Exercise requirements -
Return, verbatim and in full, the records that follow, but not their pictures.

Listed records -
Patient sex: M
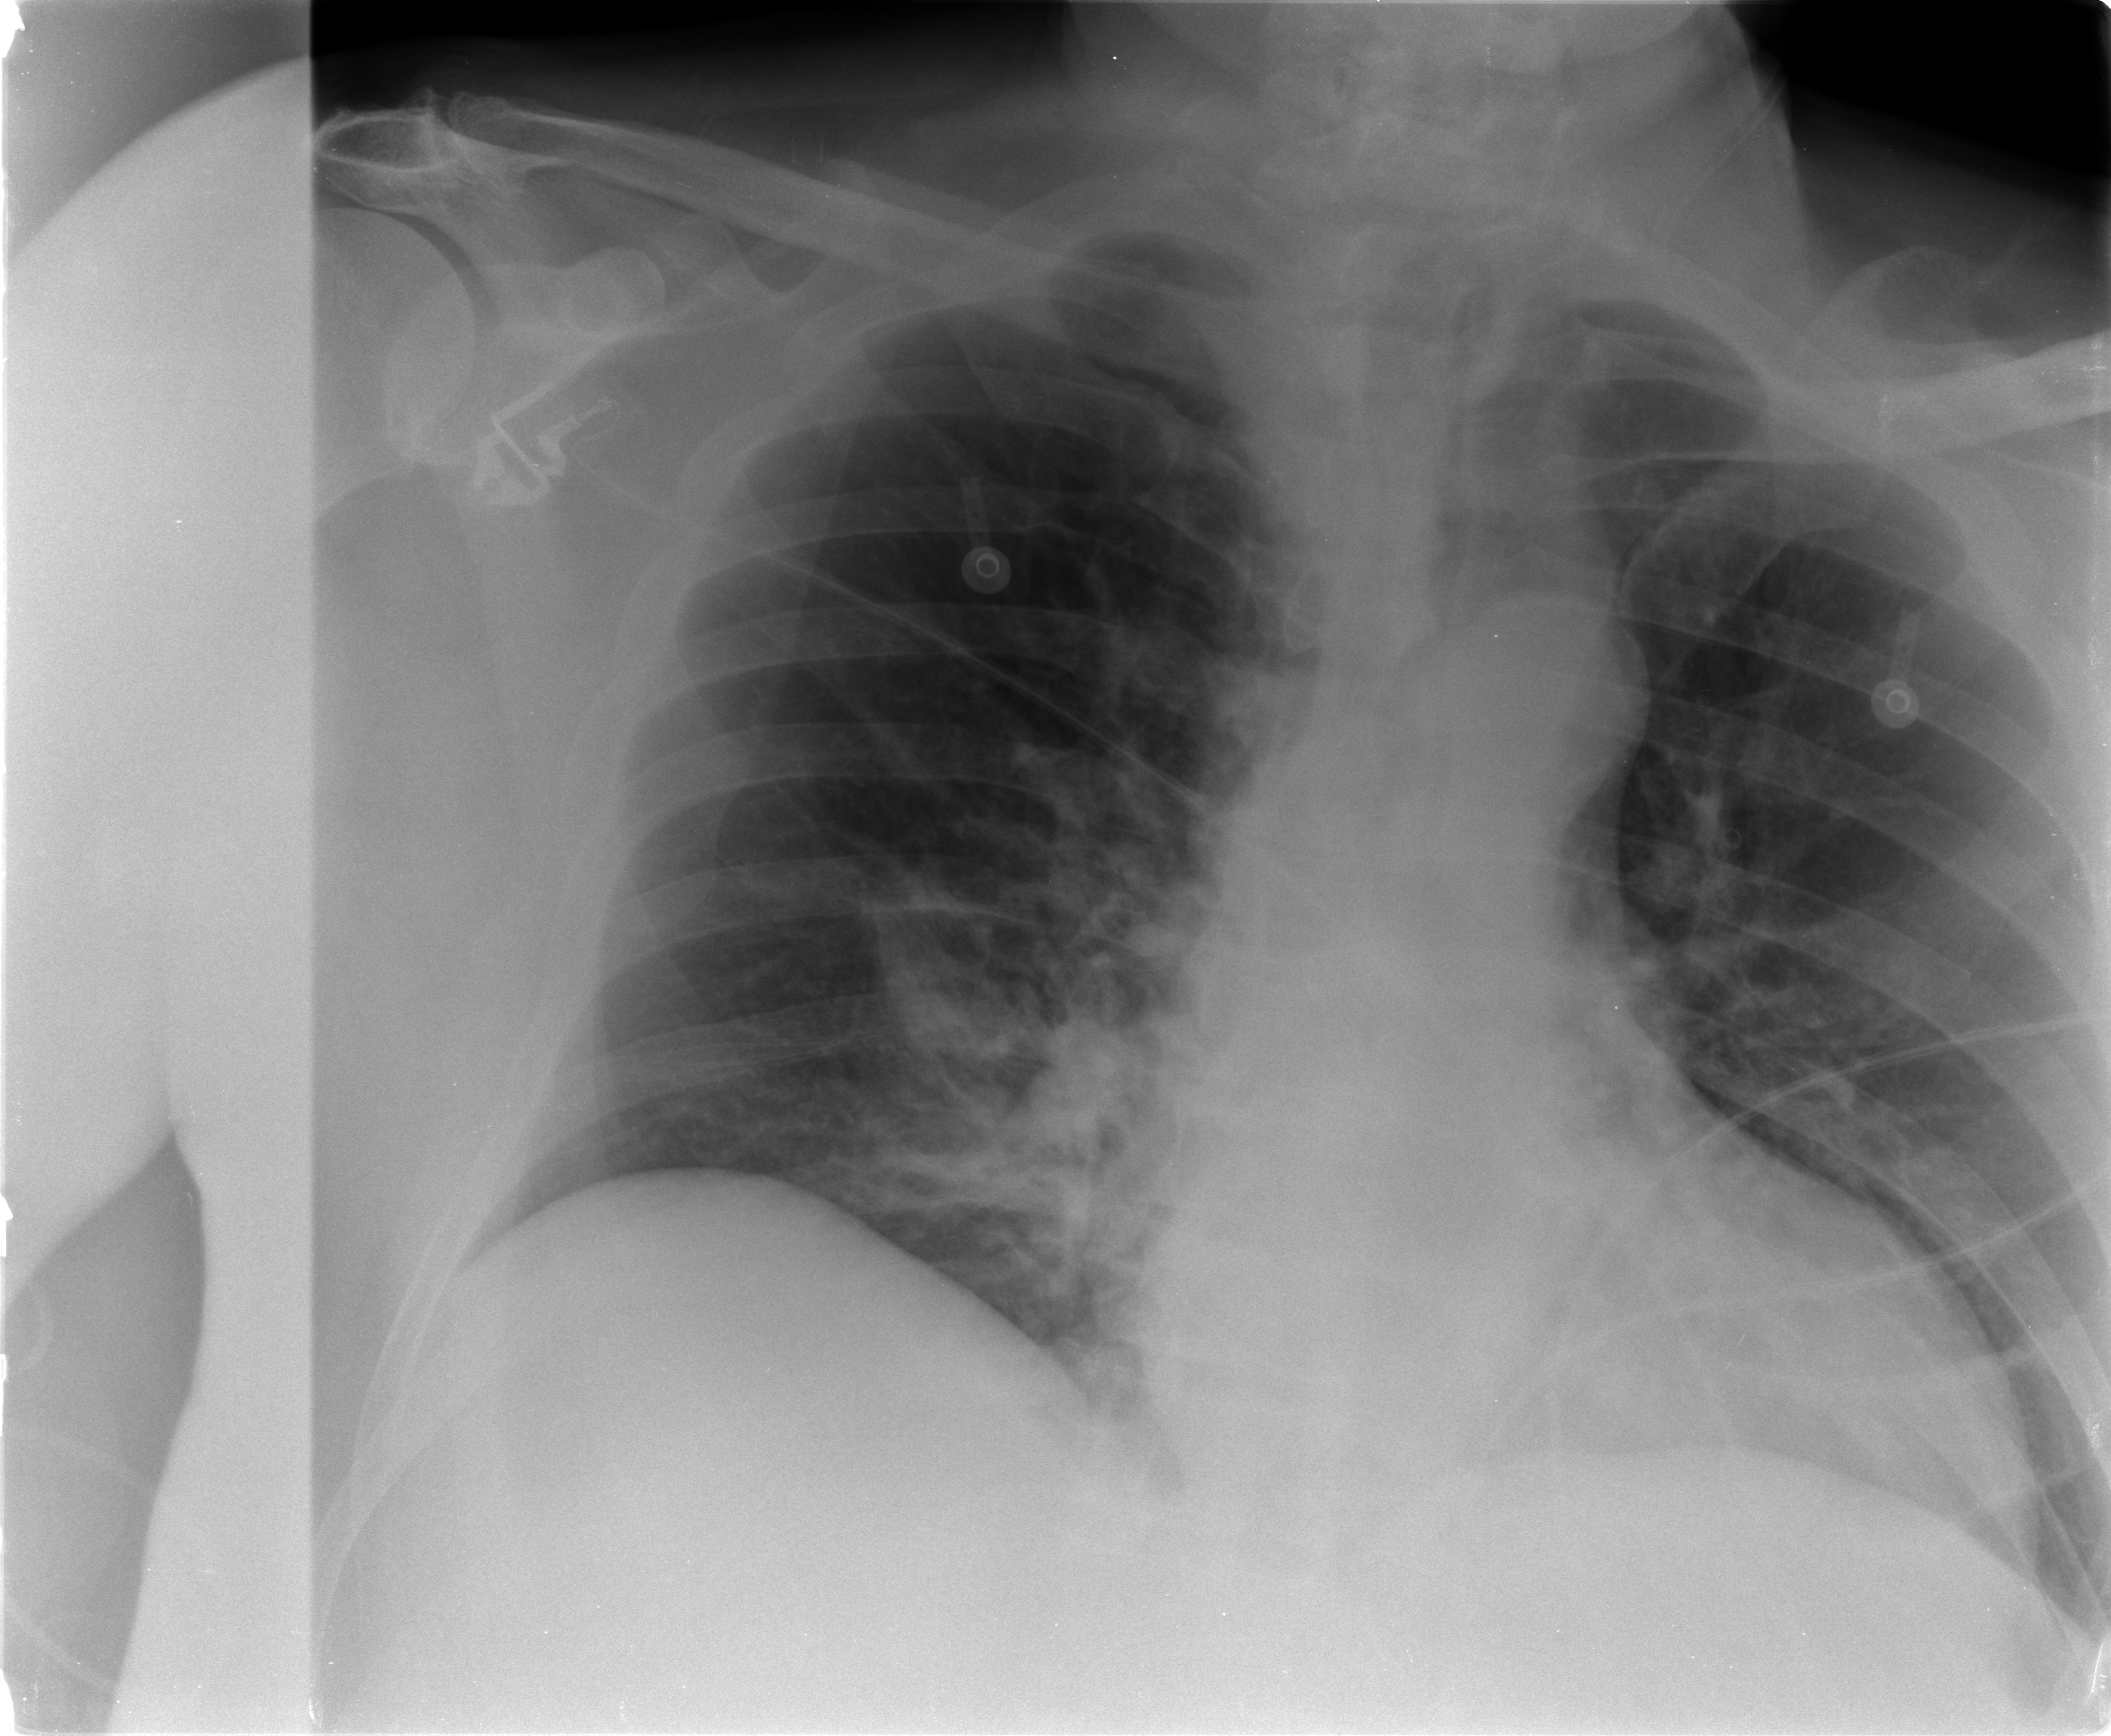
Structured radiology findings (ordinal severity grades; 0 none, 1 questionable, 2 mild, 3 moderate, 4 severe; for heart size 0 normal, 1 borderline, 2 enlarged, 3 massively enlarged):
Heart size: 2
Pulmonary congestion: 0
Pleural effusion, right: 0
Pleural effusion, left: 0
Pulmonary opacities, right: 0
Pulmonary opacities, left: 0
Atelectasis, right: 2
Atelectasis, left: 0
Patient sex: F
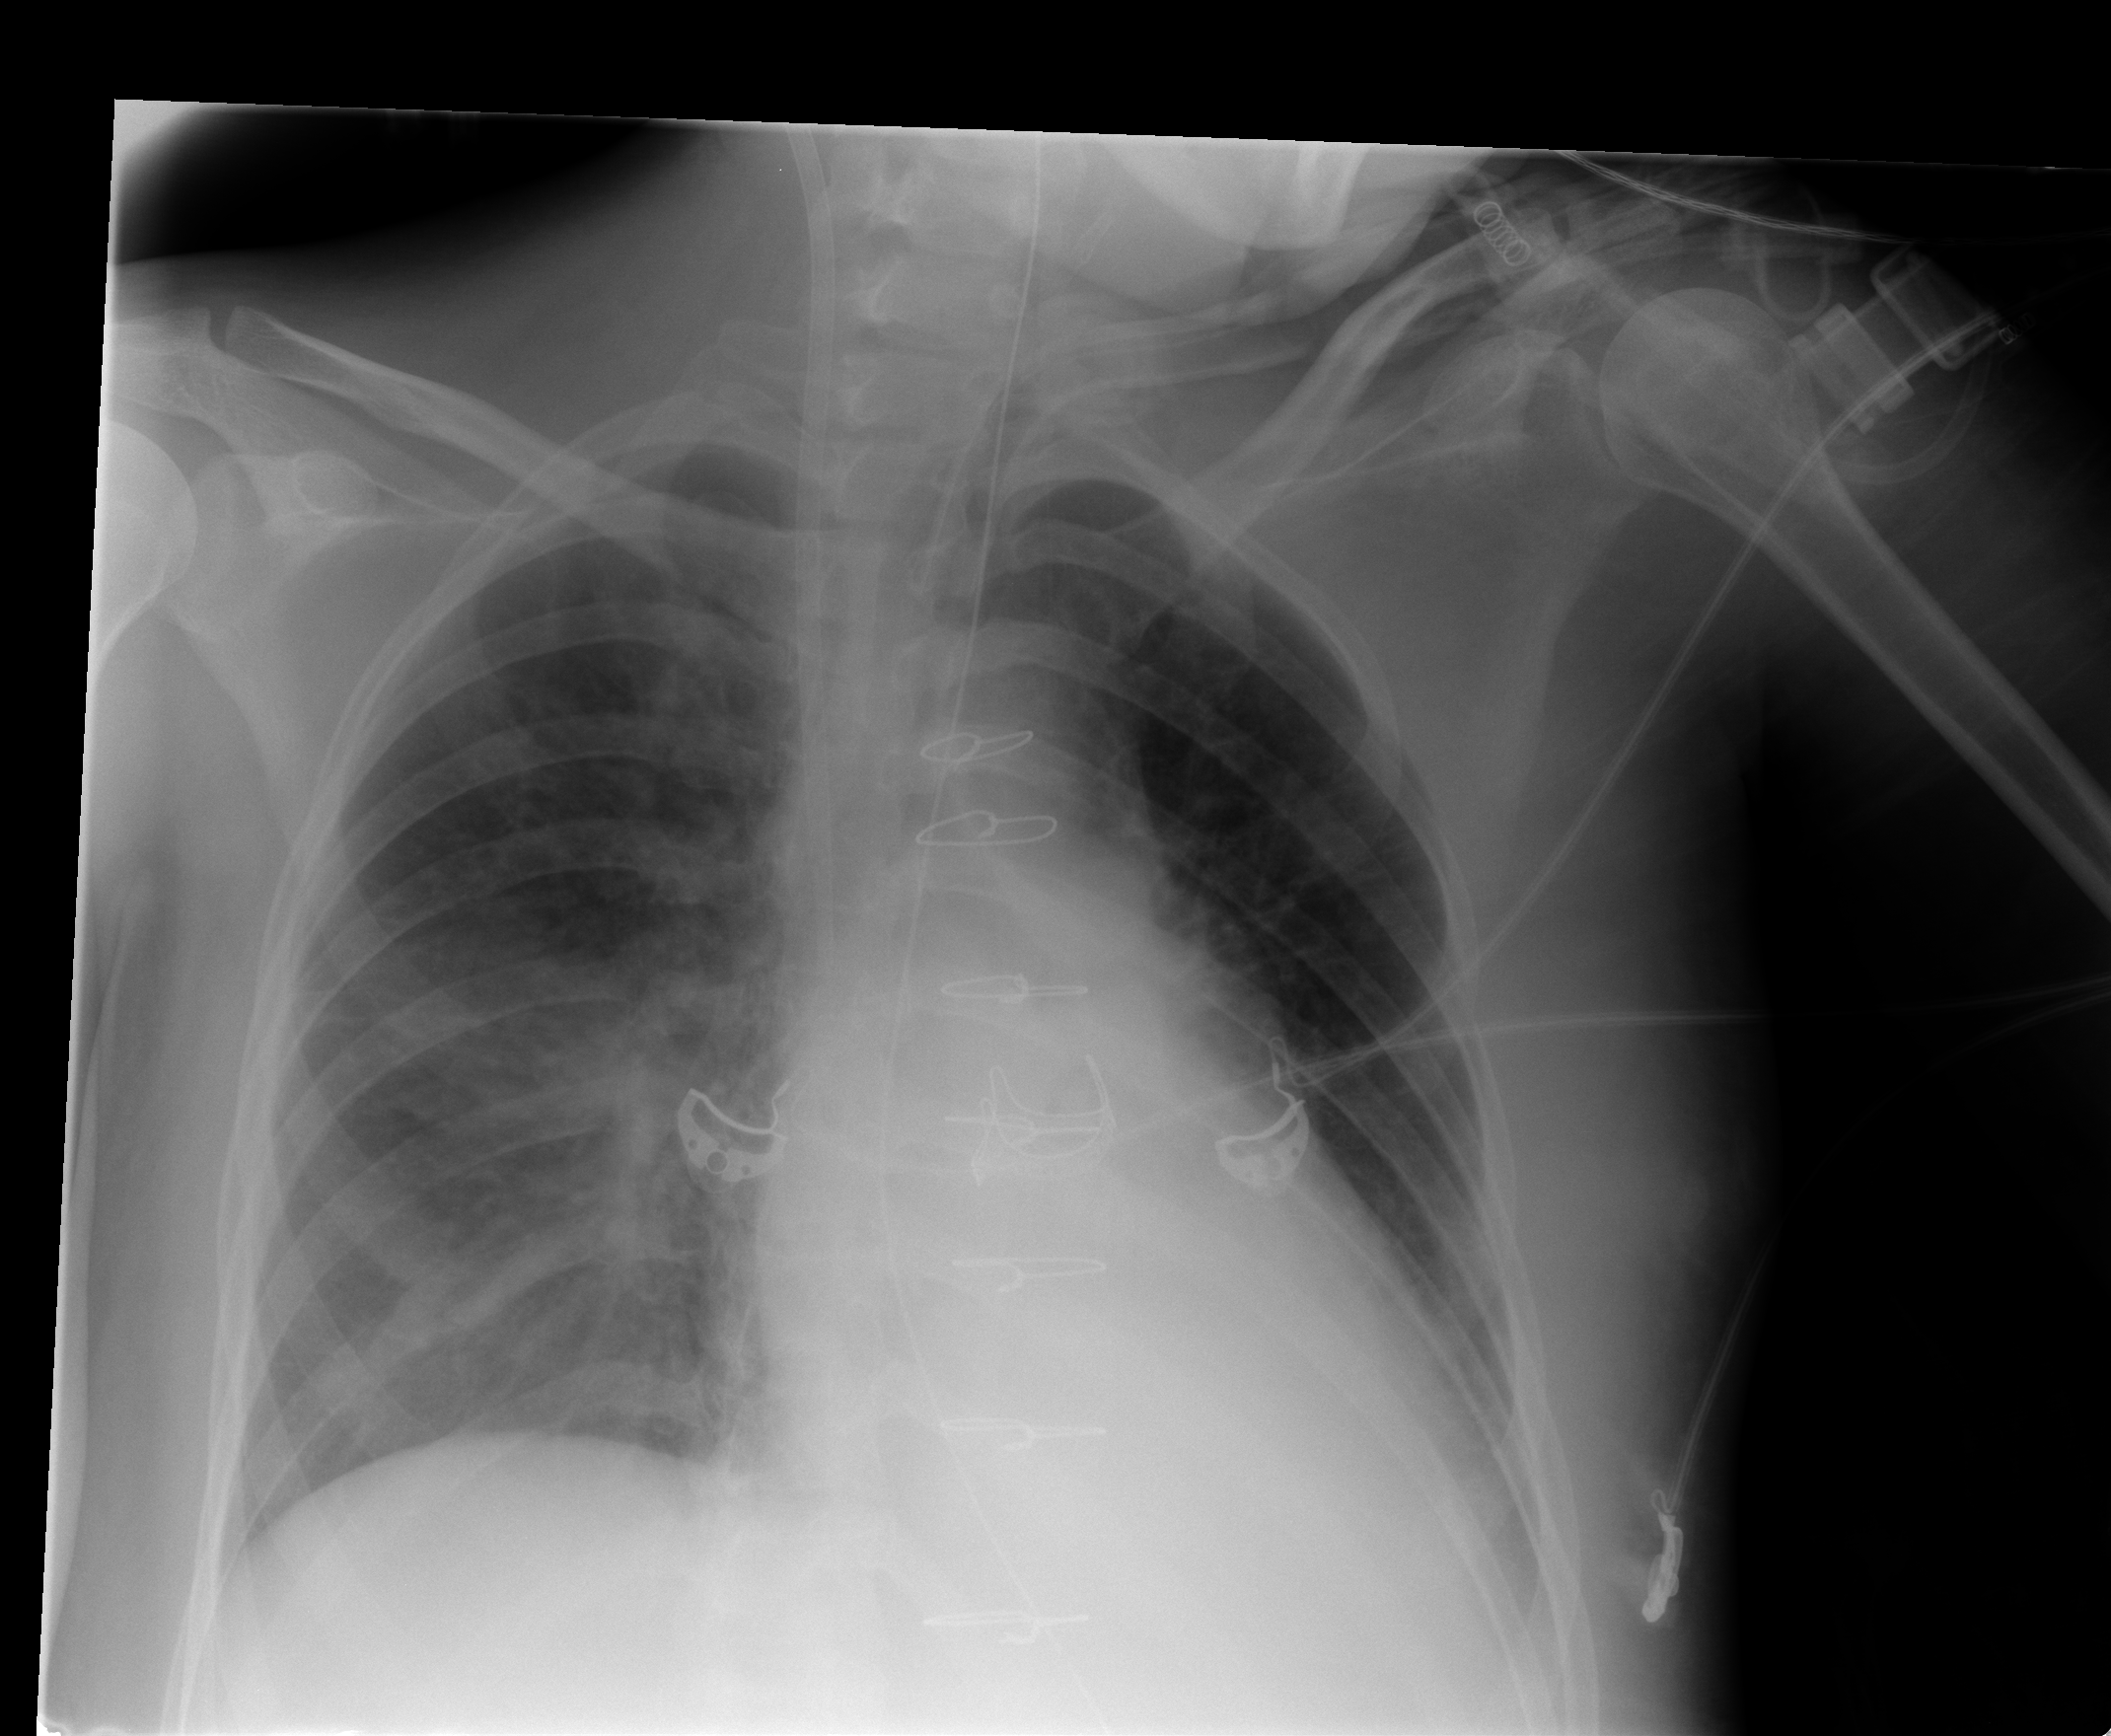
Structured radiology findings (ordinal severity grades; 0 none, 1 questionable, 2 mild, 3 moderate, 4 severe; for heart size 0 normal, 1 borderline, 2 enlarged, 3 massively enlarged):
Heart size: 1
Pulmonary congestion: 0
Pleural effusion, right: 0
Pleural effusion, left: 0
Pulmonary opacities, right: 1
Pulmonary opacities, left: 0
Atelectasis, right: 2
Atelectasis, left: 0
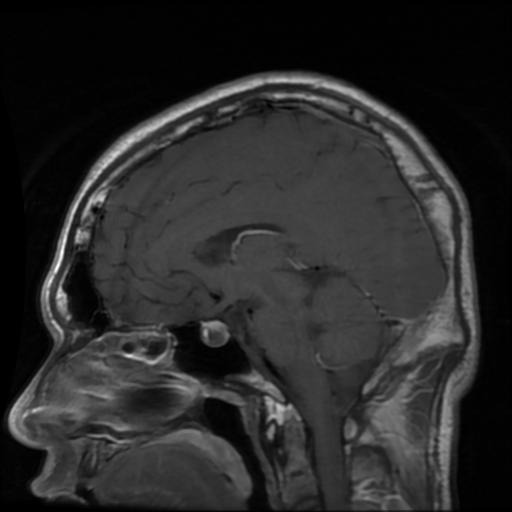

Solution -
Patient sex: M
Structured radiology findings (ordinal severity grades; 0 none, 1 questionable, 2 mild, 3 moderate, 4 severe; for heart size 0 normal, 1 borderline, 2 enlarged, 3 massively enlarged):
Heart size: 2
Pulmonary congestion: 0
Pleural effusion, right: 0
Pleural effusion, left: 0
Pulmonary opacities, right: 0
Pulmonary opacities, left: 0
Atelectasis, right: 2
Atelectasis, left: 0
Patient sex: F
Structured radiology findings (ordinal severity grades; 0 none, 1 questionable, 2 mild, 3 moderate, 4 severe; for heart size 0 normal, 1 borderline, 2 enlarged, 3 massively enlarged):
Heart size: 1
Pulmonary congestion: 0
Pleural effusion, right: 0
Pleural effusion, left: 0
Pulmonary opacities, right: 1
Pulmonary opacities, left: 0
Atelectasis, right: 2
Atelectasis, left: 0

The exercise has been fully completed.